BEGIN Data extract
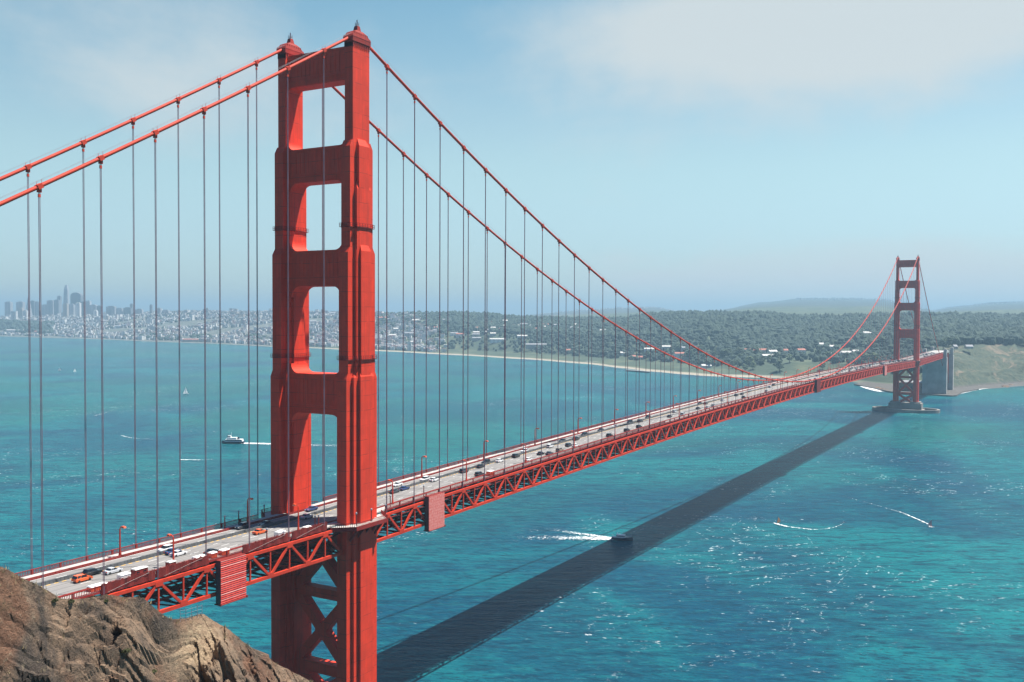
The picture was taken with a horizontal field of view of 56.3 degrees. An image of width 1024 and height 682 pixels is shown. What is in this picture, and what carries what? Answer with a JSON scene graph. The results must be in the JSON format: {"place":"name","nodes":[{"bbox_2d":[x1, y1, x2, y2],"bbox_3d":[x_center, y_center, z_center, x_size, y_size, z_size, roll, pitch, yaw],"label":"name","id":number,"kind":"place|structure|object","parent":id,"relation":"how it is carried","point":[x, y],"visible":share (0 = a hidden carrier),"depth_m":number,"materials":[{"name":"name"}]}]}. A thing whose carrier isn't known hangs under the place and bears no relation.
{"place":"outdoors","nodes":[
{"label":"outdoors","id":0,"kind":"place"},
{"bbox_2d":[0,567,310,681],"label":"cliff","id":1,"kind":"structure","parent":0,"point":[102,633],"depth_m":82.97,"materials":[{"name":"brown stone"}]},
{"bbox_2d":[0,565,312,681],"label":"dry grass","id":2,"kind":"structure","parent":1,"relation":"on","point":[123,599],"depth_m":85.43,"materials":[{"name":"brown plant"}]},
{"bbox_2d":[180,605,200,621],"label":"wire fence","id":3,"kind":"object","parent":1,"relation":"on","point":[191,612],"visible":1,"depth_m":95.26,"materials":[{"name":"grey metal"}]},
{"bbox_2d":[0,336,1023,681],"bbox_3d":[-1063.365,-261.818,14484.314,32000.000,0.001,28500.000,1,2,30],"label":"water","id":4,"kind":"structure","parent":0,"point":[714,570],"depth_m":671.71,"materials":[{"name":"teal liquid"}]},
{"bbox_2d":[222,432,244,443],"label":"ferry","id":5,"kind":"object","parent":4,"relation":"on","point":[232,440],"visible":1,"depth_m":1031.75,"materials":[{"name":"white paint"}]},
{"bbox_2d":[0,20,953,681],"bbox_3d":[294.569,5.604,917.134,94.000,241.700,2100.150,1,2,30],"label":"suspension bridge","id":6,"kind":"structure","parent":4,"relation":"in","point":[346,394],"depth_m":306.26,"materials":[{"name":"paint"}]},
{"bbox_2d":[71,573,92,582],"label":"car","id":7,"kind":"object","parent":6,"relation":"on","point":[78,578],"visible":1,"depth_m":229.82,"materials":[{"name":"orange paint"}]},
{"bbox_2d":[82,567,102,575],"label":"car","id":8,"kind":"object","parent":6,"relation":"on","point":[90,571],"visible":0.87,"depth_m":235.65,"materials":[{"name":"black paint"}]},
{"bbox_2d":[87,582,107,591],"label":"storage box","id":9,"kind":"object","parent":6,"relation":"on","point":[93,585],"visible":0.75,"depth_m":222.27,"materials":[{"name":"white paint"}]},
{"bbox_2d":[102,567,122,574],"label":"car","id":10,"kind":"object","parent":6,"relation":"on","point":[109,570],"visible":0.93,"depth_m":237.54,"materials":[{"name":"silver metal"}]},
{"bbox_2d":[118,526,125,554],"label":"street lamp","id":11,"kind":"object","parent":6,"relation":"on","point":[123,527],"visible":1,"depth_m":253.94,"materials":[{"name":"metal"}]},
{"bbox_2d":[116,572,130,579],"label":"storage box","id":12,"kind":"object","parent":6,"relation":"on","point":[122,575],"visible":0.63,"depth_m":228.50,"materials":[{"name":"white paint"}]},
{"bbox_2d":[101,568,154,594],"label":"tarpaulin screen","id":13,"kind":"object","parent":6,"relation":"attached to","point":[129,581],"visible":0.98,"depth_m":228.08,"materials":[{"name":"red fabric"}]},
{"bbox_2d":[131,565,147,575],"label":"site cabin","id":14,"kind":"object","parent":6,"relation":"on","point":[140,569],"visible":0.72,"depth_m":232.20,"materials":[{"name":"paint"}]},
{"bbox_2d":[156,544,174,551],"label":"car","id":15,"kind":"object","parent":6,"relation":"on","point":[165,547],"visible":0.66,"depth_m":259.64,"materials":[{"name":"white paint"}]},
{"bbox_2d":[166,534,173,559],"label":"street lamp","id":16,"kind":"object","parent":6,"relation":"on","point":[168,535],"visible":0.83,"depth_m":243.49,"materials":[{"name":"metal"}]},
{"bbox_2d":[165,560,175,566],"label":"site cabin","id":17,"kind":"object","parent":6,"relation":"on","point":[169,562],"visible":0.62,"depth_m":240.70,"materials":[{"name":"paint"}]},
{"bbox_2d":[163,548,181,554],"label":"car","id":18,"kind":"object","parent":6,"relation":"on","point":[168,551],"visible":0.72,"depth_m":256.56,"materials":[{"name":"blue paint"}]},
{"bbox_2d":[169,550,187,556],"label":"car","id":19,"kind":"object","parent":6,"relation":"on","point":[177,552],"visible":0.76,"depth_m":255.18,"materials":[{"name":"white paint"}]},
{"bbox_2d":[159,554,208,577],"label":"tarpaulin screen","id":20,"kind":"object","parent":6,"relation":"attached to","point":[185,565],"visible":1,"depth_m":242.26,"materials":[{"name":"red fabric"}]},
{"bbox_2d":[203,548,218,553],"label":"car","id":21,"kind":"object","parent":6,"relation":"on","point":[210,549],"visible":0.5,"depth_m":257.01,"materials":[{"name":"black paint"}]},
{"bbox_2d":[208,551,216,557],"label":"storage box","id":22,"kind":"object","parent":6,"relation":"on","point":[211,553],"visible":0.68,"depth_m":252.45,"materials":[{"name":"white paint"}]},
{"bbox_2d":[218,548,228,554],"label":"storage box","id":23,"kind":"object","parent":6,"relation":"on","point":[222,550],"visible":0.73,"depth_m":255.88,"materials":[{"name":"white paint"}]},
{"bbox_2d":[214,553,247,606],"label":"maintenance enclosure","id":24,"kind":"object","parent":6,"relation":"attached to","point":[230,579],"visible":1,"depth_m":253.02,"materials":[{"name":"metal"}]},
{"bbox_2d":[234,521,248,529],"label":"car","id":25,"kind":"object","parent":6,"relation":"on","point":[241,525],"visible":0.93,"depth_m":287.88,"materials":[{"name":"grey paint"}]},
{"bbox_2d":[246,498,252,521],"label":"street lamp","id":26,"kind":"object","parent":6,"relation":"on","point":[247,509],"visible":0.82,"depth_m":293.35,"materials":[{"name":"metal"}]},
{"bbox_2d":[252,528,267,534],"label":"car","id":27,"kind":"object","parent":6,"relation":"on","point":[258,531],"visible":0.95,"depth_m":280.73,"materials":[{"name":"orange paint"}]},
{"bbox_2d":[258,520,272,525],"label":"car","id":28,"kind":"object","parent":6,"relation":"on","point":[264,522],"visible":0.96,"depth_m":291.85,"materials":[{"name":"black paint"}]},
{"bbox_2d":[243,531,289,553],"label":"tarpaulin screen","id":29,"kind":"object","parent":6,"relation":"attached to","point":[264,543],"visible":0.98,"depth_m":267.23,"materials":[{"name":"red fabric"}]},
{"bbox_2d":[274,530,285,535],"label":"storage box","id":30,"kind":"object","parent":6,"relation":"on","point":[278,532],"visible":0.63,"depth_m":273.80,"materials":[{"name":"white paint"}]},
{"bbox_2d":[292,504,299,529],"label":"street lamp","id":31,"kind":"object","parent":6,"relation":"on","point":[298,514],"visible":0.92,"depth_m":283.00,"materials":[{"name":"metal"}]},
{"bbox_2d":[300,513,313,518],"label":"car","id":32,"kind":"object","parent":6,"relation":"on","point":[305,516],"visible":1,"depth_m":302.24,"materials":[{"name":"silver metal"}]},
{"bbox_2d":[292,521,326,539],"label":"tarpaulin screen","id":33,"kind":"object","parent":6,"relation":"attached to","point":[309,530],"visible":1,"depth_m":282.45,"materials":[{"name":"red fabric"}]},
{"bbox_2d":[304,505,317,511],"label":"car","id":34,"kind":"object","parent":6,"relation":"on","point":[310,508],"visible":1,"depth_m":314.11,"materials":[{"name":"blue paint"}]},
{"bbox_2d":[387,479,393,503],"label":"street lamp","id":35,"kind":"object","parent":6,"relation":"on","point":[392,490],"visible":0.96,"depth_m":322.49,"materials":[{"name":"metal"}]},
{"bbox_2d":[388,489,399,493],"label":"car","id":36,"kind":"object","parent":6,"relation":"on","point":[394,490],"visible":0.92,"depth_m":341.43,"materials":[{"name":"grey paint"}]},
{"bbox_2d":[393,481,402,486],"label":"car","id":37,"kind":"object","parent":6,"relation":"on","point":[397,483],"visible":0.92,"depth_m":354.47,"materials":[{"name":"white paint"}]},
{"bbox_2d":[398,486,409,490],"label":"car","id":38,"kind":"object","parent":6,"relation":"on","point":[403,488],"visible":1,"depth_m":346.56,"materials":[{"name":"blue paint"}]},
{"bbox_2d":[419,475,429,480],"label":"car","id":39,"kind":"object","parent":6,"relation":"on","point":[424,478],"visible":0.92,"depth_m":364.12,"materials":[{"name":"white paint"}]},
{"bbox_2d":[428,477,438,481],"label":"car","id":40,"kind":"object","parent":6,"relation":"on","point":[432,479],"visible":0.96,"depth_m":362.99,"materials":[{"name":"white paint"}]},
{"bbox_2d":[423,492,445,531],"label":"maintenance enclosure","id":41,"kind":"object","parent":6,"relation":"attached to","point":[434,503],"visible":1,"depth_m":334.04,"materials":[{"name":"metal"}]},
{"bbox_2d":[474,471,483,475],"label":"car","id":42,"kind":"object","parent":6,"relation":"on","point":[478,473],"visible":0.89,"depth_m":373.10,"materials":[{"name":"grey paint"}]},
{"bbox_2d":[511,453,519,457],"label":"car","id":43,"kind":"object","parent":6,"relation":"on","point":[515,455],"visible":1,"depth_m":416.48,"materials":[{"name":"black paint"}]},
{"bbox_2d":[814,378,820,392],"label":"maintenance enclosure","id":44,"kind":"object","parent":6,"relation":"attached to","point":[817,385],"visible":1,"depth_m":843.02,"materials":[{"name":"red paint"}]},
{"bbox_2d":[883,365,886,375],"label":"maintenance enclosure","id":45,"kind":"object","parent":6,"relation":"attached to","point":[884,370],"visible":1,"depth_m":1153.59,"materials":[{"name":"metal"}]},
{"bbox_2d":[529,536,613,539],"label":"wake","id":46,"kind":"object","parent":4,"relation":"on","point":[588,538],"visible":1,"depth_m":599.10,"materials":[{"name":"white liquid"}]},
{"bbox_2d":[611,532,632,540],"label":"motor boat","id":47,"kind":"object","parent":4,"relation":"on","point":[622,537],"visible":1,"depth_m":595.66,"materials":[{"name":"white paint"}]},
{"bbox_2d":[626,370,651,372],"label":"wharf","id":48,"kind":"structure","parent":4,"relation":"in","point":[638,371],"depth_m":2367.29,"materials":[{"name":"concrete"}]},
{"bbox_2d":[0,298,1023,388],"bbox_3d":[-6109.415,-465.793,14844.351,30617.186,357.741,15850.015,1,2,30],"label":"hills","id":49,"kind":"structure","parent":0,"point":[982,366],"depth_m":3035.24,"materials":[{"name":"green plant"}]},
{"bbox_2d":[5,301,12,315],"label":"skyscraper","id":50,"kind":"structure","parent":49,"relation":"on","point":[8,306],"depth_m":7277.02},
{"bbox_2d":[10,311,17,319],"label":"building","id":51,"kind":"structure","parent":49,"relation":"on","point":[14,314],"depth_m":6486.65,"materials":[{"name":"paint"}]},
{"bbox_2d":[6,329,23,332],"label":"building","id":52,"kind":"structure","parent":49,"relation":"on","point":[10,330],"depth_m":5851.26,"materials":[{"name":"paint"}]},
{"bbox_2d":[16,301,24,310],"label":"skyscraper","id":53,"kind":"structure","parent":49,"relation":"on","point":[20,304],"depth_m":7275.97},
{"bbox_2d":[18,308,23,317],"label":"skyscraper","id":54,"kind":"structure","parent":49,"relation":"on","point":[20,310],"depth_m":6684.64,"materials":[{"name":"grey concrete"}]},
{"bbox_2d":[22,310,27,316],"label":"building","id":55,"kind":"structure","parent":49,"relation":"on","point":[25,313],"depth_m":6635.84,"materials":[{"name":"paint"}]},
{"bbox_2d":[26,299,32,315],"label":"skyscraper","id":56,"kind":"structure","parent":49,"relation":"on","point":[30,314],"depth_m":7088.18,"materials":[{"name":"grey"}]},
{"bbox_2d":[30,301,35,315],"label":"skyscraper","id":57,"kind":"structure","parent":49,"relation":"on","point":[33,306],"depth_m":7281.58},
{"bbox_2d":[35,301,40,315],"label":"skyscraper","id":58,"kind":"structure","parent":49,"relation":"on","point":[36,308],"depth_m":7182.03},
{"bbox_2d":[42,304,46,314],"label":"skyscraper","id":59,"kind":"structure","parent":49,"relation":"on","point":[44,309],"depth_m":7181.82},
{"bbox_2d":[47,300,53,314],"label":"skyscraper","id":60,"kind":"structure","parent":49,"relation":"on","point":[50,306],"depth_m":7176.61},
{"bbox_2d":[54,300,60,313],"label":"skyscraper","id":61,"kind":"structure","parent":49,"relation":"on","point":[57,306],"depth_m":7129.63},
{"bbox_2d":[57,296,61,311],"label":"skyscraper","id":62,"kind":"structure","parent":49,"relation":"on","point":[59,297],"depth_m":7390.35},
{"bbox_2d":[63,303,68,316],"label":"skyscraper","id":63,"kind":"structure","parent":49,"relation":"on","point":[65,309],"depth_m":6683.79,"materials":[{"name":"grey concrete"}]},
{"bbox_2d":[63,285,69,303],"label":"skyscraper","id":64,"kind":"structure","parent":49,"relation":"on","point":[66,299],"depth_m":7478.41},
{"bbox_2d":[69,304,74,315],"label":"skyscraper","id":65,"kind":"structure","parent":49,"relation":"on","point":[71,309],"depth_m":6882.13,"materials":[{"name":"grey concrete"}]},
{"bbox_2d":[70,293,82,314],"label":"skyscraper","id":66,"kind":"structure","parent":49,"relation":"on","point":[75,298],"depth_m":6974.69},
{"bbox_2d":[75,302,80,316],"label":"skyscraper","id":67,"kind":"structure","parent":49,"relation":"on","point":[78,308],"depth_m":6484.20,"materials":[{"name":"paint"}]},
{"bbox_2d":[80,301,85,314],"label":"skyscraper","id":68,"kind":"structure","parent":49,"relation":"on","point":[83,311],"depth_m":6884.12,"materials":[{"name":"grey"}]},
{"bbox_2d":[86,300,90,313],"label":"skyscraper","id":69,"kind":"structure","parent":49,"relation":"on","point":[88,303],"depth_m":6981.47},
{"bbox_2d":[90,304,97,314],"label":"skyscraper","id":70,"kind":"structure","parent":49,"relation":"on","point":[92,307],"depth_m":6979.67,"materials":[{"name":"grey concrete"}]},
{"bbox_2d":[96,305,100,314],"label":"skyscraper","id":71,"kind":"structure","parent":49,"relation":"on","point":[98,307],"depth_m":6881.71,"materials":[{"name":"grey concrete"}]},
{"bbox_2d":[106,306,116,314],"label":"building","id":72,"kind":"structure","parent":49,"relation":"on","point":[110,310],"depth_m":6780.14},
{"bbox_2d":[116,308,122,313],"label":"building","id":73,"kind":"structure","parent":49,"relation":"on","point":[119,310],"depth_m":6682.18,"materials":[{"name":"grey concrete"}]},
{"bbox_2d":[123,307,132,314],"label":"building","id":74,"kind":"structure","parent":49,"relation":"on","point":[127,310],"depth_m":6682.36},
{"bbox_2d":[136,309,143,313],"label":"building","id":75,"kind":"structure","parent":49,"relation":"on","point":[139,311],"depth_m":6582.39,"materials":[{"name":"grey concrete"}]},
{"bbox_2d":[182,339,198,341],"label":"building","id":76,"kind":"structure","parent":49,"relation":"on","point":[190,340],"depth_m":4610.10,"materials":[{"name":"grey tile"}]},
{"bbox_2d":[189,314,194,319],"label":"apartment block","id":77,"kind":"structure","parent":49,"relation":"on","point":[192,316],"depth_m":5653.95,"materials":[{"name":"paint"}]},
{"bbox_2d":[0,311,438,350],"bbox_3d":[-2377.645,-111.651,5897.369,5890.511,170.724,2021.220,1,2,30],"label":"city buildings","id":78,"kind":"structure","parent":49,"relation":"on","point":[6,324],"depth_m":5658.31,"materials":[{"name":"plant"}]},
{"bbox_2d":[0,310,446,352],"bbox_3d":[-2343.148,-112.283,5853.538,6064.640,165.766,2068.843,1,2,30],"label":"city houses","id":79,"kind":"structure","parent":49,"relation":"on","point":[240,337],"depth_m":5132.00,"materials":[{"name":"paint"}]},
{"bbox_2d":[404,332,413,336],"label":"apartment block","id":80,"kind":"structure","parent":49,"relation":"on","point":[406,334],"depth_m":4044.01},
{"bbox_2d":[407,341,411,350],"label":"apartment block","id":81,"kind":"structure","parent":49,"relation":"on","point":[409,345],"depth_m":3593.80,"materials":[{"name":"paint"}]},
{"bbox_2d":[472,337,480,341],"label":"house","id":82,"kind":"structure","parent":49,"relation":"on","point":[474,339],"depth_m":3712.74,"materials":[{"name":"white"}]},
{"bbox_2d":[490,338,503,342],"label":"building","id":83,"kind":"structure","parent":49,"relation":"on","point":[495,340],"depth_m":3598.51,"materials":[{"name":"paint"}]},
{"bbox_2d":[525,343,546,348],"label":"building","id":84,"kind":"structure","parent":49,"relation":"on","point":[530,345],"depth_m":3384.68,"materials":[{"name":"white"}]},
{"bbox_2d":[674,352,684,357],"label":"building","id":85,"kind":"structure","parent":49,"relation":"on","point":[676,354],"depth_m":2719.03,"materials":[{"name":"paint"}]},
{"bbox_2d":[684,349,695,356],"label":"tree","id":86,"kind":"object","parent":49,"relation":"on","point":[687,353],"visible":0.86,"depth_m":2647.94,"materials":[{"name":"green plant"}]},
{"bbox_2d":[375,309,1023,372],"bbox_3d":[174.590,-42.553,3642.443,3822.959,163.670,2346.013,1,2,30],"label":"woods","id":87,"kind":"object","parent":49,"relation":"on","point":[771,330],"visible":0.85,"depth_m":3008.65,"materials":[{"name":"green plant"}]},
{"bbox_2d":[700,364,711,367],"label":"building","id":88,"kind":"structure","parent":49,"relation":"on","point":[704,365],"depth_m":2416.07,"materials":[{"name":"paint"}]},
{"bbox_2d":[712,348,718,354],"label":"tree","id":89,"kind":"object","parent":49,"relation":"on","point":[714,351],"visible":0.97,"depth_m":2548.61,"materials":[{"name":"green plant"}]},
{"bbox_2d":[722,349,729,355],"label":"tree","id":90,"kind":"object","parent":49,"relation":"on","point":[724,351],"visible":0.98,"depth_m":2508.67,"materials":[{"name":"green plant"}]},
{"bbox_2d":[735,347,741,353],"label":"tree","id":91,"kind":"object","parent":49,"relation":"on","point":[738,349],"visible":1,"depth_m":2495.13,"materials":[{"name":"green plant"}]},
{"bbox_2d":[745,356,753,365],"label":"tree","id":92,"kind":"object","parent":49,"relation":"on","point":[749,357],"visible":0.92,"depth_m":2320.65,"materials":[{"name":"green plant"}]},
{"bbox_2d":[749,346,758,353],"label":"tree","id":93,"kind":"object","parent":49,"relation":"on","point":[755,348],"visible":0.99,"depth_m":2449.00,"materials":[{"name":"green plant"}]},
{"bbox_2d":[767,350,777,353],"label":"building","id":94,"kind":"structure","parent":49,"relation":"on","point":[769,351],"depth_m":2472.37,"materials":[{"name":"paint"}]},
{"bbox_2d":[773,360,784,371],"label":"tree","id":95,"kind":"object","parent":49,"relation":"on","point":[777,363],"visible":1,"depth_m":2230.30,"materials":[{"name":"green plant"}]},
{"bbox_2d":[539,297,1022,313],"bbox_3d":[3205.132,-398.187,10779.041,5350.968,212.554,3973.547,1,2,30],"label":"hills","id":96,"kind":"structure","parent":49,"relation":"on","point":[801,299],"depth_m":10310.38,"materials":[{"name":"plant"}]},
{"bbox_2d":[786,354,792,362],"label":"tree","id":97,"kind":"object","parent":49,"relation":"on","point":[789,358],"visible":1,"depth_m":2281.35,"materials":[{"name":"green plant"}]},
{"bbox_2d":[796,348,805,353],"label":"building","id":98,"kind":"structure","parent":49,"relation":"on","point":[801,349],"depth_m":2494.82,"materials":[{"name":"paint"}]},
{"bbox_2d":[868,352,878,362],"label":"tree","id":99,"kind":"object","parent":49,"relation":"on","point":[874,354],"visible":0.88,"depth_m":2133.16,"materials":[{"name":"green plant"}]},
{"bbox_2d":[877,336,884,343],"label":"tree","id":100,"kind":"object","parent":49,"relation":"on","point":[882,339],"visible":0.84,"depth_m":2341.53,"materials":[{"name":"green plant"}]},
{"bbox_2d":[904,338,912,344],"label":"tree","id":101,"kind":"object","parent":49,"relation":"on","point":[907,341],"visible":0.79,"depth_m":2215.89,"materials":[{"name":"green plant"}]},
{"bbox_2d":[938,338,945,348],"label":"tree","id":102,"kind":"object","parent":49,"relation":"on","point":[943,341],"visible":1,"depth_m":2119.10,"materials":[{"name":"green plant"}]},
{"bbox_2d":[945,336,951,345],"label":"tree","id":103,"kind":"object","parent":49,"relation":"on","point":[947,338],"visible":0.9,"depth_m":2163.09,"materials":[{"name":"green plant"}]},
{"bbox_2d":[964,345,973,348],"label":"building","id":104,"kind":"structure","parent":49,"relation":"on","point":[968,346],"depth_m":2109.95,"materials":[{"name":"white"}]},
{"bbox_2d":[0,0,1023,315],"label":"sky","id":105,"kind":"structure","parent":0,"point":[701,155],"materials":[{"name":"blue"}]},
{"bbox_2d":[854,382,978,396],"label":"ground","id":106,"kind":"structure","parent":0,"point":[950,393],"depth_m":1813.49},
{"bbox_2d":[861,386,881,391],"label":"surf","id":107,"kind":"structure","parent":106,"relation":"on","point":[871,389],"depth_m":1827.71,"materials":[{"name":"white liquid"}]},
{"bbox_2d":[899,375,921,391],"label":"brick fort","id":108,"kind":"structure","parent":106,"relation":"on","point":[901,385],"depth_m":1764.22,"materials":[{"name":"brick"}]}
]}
END Data extract
Task requirements:
Scan the records for the string "block" and show every line that contains it.

Task result:
{"bbox_2d":[189,314,194,319],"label":"apartment block","id":77,"kind":"structure","parent":49,"relation":"on","point":[192,316],"depth_m":5653.95,"materials":[{"name":"paint"}]},
{"bbox_2d":[404,332,413,336],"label":"apartment block","id":80,"kind":"structure","parent":49,"relation":"on","point":[406,334],"depth_m":4044.01},
{"bbox_2d":[407,341,411,350],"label":"apartment block","id":81,"kind":"structure","parent":49,"relation":"on","point":[409,345],"depth_m":3593.80,"materials":[{"name":"paint"}]},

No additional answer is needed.